== Your instructions ==
Tally up the lines below that include the word "Pulmonary". Answer with the number alone.

== Dataset ==
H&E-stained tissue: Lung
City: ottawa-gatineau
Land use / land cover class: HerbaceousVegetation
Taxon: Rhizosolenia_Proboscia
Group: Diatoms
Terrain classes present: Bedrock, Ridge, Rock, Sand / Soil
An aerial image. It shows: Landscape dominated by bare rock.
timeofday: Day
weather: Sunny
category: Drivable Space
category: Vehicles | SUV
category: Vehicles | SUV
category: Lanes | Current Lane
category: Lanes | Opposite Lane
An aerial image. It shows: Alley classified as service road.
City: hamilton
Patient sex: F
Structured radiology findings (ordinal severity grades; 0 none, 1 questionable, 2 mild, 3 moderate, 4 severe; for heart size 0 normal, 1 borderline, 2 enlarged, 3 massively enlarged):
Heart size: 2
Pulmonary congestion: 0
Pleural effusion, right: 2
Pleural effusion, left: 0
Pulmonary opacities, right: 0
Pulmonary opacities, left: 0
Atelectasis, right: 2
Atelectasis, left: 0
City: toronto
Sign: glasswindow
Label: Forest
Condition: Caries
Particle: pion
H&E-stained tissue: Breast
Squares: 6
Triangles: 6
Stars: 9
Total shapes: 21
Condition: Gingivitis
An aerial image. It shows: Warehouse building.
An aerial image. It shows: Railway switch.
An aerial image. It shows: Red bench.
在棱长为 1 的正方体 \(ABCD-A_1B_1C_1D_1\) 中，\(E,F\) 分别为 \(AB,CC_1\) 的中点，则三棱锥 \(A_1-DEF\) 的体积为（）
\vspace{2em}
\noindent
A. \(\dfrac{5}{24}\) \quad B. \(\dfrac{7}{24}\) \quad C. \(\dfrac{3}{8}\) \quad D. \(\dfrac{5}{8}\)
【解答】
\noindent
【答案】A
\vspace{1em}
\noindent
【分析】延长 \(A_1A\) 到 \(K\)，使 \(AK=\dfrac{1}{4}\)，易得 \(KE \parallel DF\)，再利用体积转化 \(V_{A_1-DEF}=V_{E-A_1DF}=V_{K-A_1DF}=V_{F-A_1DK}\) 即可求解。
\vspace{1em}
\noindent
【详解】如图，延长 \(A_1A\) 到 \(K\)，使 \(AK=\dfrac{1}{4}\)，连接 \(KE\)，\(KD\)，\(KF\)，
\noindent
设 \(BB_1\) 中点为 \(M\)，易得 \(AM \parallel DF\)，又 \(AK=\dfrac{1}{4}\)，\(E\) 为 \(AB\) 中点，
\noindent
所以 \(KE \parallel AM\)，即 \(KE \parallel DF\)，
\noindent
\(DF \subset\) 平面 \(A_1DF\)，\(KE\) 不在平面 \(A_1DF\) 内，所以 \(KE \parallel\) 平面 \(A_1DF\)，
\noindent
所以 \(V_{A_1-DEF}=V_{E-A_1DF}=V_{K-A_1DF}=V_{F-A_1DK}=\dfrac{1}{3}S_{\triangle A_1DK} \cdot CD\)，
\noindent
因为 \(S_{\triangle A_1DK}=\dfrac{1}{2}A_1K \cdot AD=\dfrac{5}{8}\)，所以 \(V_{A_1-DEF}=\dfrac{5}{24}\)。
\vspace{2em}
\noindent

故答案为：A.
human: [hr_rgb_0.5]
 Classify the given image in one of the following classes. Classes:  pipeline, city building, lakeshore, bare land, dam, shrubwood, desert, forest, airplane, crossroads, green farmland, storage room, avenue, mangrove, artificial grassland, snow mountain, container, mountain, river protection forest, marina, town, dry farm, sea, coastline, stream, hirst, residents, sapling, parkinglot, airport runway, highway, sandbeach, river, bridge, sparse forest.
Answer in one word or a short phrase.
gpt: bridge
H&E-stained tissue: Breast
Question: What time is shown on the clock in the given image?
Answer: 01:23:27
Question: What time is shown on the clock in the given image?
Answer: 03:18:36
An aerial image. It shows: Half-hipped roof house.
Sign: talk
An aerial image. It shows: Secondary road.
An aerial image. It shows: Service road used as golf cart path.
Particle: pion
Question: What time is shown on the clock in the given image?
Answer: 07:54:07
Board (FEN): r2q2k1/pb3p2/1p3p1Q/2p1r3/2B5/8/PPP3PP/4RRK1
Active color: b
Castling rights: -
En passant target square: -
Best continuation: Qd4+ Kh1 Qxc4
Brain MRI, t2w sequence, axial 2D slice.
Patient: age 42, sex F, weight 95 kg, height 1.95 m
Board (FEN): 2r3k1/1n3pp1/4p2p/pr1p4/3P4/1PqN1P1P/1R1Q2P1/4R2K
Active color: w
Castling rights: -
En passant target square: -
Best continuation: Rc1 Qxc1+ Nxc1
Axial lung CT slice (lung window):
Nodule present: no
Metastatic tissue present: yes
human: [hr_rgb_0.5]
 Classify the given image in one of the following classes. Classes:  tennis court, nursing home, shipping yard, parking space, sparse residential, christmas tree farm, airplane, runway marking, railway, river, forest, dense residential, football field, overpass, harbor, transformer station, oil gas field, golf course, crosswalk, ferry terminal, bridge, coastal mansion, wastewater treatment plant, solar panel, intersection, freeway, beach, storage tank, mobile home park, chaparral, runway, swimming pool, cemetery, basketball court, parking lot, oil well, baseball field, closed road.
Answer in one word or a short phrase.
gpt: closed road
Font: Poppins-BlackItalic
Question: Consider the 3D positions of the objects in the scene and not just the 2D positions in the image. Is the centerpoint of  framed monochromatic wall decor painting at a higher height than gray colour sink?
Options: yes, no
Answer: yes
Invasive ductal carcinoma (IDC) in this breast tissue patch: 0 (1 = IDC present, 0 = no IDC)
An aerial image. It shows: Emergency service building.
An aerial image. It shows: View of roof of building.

== Task solution ==
3